Monetary markets expect the first Fed rate hike in March and three more quarter-point hikes before the end of the year.
According to National Australia Bank strategists, the evidence for the Fed to raise rates between the March and June meetings is strong and there is a risk that the market will still have to revise prices.
Analysts at ABN Amro expect EUR/USD to fall further. They forecast a drop in the pair to 1.0500 and to 1.0000 by the end of 2022 and 2023.

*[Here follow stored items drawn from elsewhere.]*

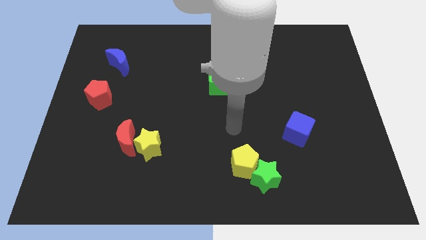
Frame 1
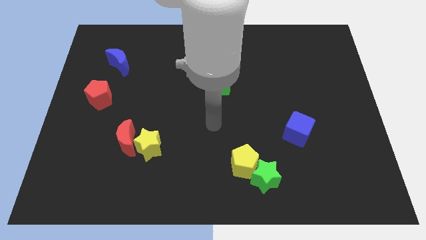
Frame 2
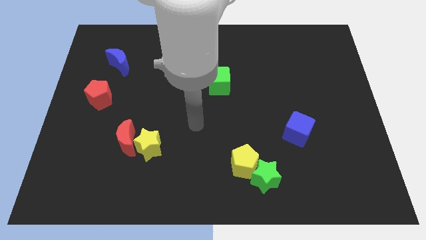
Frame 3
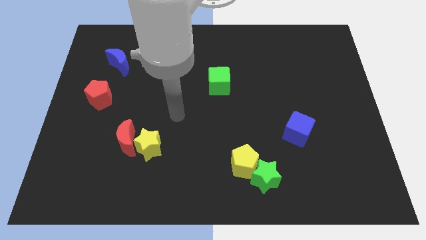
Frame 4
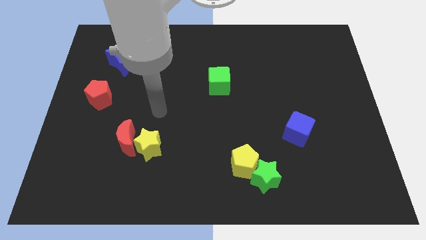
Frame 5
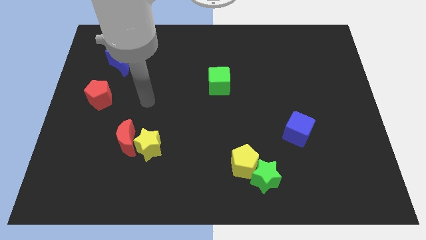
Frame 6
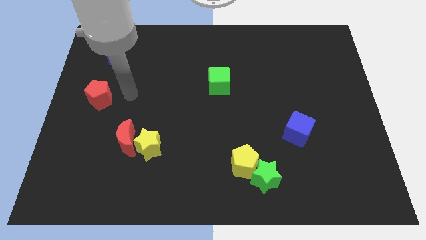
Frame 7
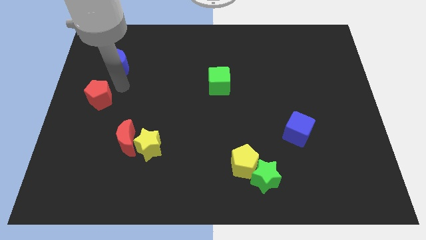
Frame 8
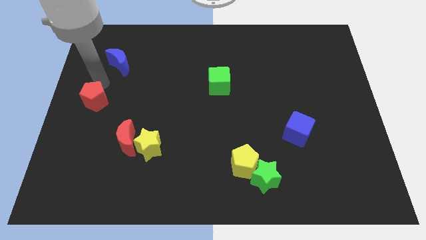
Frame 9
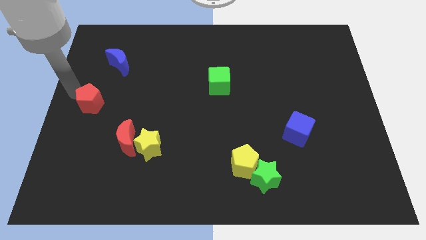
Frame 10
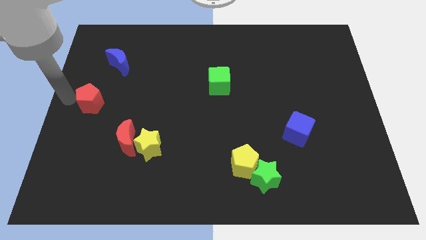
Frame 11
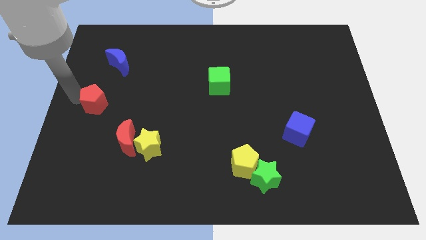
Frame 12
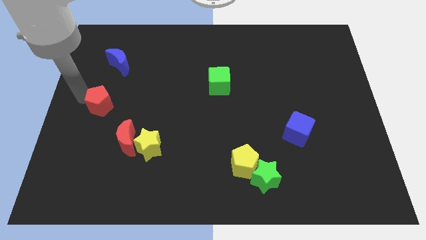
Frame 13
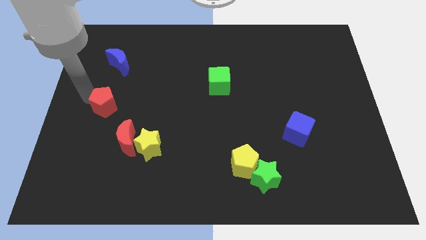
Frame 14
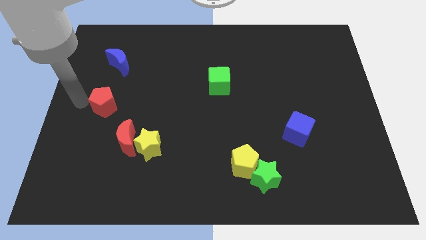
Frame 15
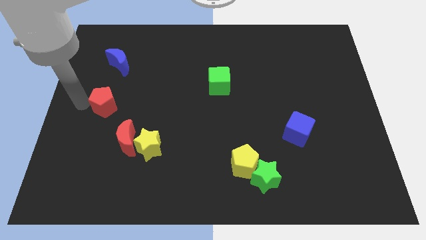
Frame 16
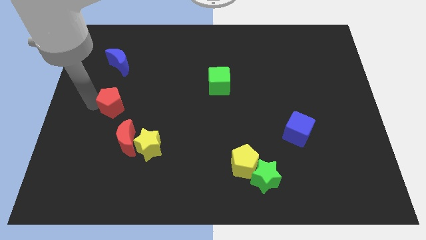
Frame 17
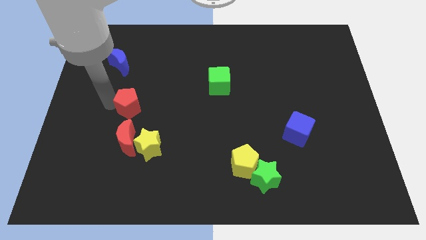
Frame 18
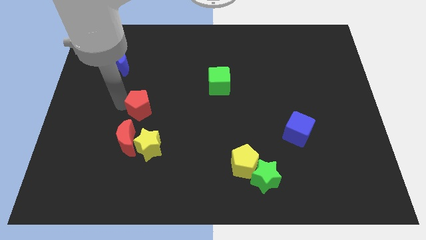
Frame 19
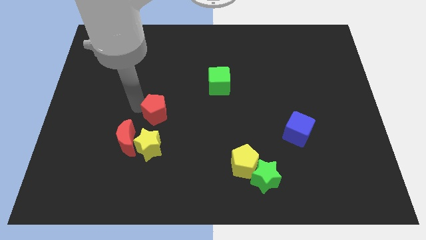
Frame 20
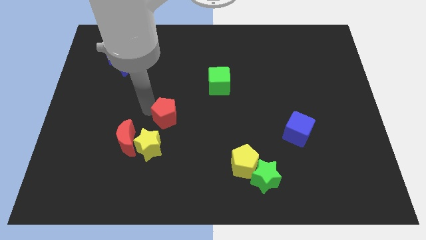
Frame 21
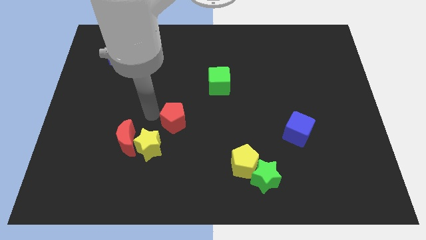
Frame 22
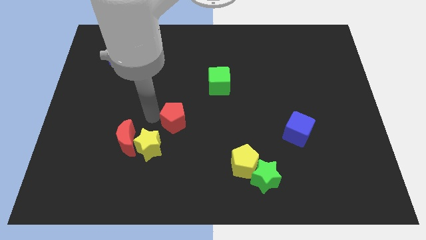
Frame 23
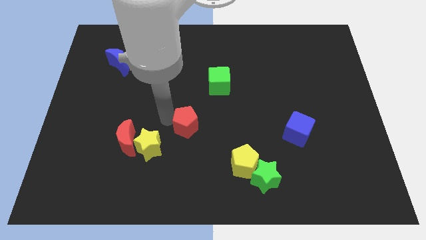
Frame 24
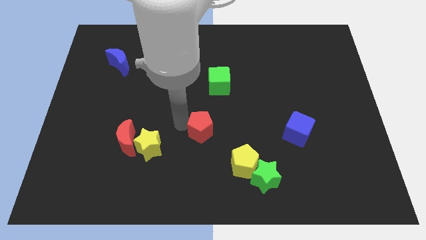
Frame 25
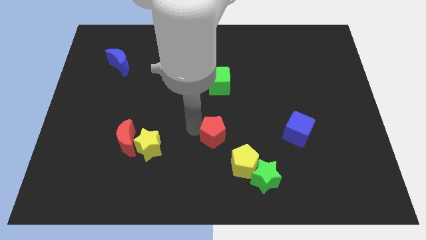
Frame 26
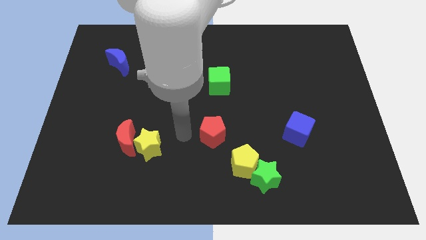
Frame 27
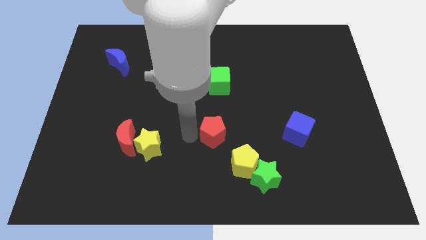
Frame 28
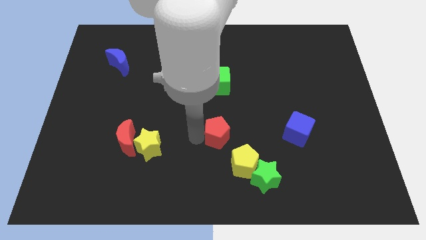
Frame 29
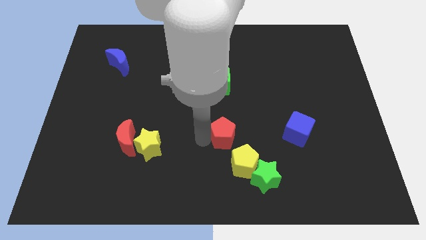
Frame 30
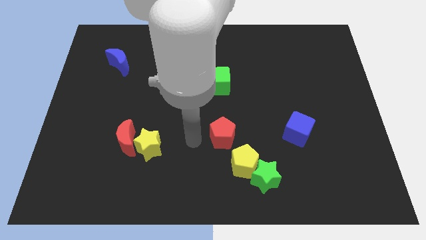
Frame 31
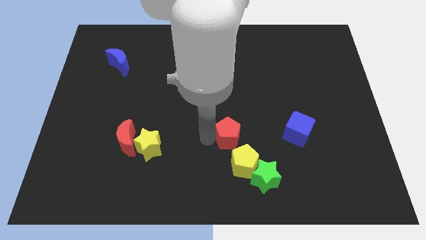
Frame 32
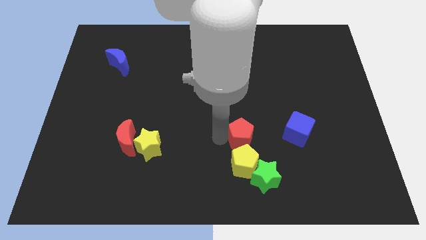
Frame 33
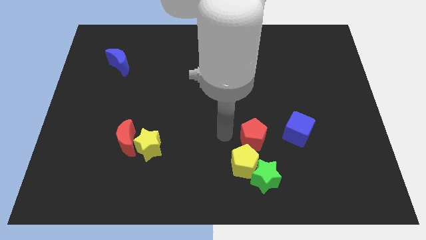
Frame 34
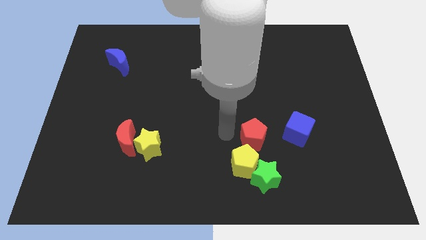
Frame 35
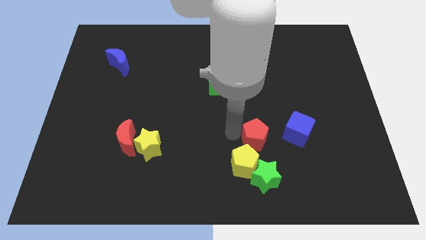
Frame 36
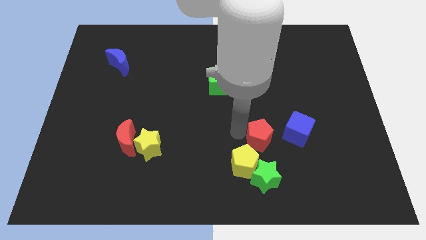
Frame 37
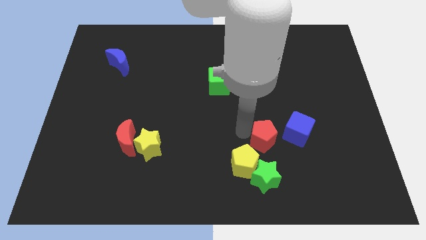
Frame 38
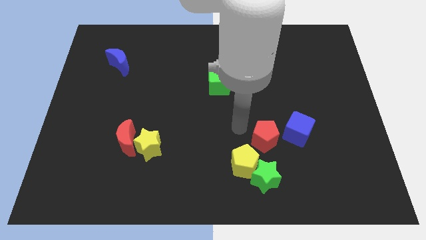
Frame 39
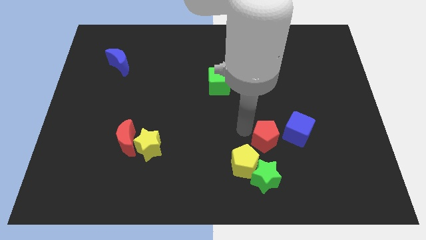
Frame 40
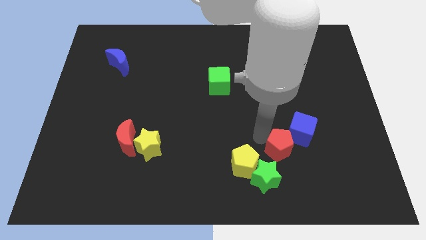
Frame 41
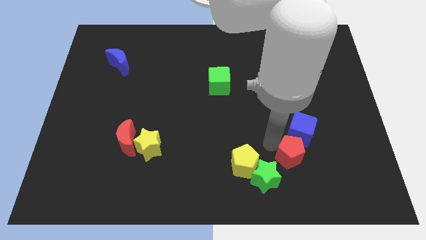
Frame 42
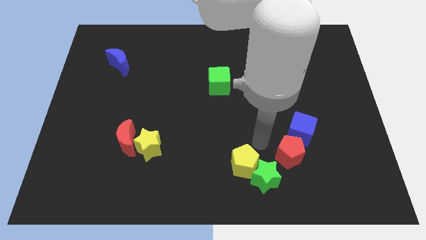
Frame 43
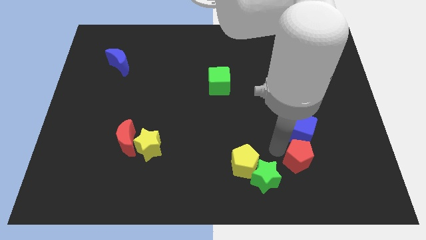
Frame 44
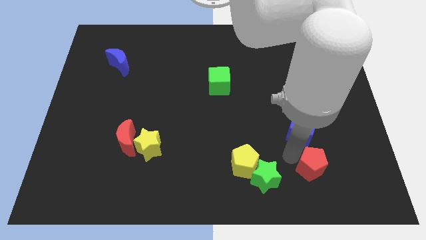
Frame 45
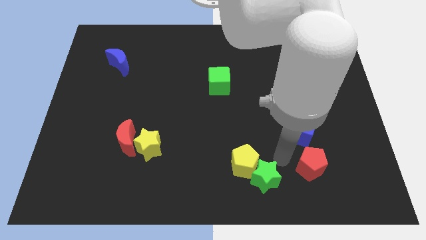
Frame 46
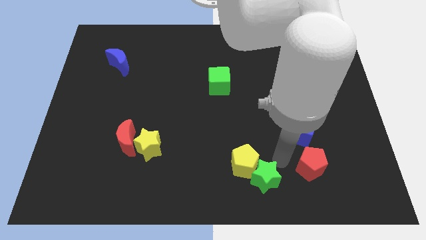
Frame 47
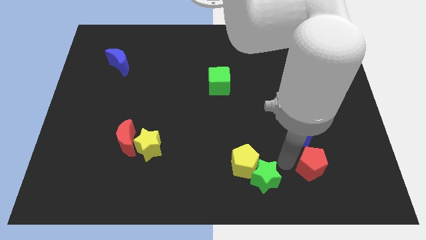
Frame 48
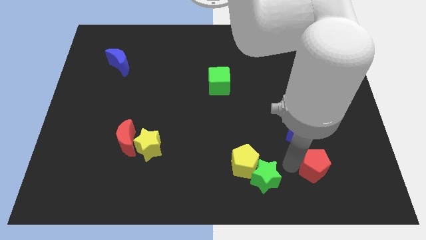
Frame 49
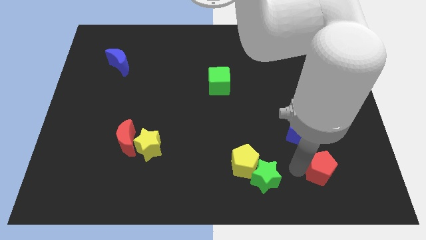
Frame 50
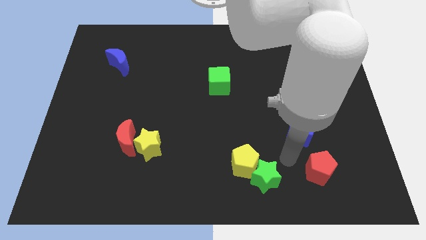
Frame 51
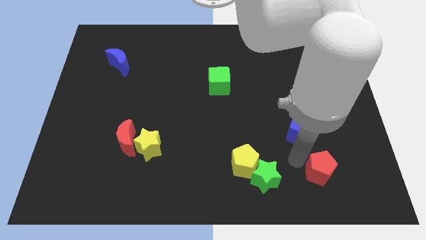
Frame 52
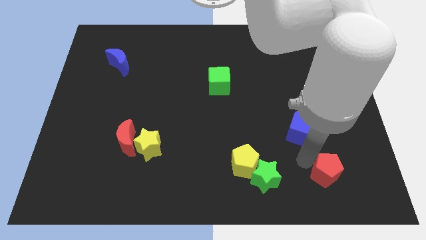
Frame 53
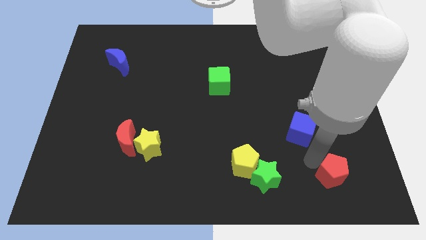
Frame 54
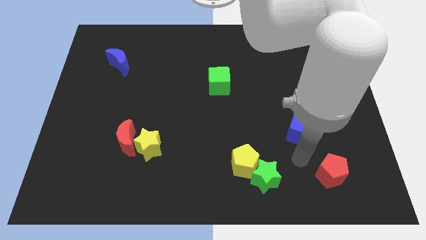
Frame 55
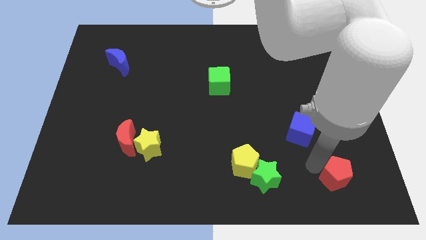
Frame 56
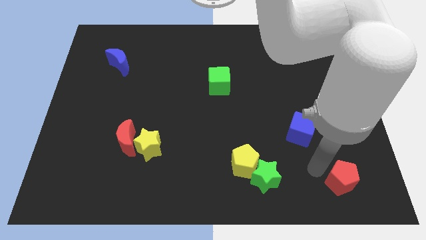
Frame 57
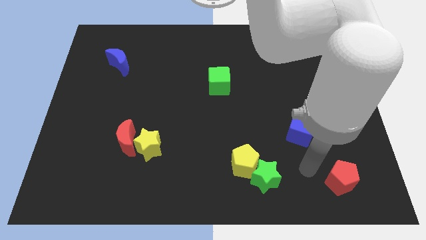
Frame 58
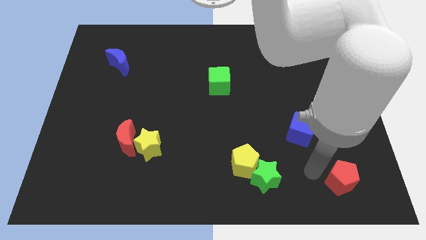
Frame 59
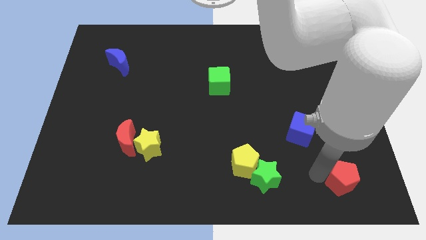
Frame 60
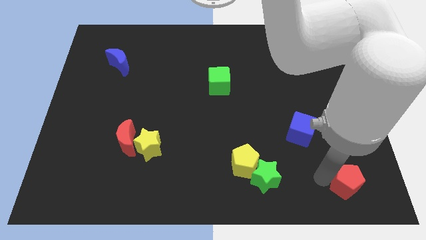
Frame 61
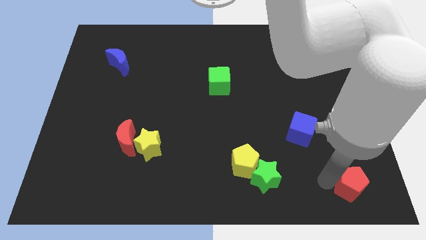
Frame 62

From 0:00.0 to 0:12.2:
slide the red pentagon to the bottom right corner

Analysts expect the Fed to start raising rates in March 2022 with a total of 4 rate hikes in 2022. In their view, the European central bank faces more macroeconomic factors than its US counterpart. The ECB has made it clear that there will not be a rate hike in 2022. It has also hinted that it can hold the rate unchanged for much longer. Therefore, analysts believe that EUR/USD will drop to 1.0500 and to 1.0000 by the end of 2022 and 2023.
Economists at Deutsche Bank are making an adjustment to their EUR/USD forecasts. They expect the world's most popular currency pair to decline to 1.10 in the first half of the year before bouncing back higher to end the year at 1.15.

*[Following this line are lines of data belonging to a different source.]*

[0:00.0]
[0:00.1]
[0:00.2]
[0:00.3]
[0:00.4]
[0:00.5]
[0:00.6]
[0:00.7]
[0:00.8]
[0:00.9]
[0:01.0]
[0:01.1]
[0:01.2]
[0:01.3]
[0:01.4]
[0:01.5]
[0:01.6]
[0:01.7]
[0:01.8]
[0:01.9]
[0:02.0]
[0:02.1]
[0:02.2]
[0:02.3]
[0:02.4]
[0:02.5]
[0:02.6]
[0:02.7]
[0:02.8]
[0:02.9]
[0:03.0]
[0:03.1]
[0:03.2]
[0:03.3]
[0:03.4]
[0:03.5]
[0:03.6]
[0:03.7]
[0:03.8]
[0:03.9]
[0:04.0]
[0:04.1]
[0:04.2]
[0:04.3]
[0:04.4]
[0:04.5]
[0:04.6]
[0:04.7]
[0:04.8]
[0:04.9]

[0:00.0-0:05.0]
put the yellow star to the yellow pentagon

"We remain bullish on the dollar and see EUR/USD declining to 1.10 in the first half of the year given any shift in ECB messaging is likely to be backloaded. We forecast EUR/USD finishing the year at 1.15 in 2022 (from 1.08 previously), and 1.20, 1.25, 1.30 by end-23, 24 and 25 respectively," they said.
Deutsche Bank believes that the ECB will hike interest rates for the first time in December 2022. This tightening could be in the range of 25 basis points.
Previously, bank experts had forecast the first ECB rate hike only in December 2023 and only by 10 basis points.
Deutsche Bank attributed this change in estimate to persistently high inflation in the eurozone, which is above the ECB's current forecasts.
After the regulator's December rate hike, Deutsche Bank expects further hikes of 25 basis points on a quarterly basis until September 2023.
Experts said the red flags for this outlook were slower-than-expected wage growth, tighter financial conditions in the eurozone, and heightened geopolitical tensions.
On Tuesday, after a failed attempt to extend yesterday's recovery, the major currency pair reversed and dropped to 2022 lows in the 1.1270-1.1265 range.
Data published today showed that the Ifo Business Climate indicator for Germany rose to 95.7 in January 2022, recovering from 94.8 touched in December. However, the Current Economic Assessment dropped to 96.1 points in the reported month as compared to last month's 96.9. This did not allow the single currency to benefit from the Ifo survey.
EUR/USD is currently testing support around 1.1270 and risks further losses if this level turns into resistance.
The next targets for the bears on the way to 1.1200 could be 1.1250 and 1.1230.
On the other hand, resistance is located at 1.1300, 1.1330 and 1.1350.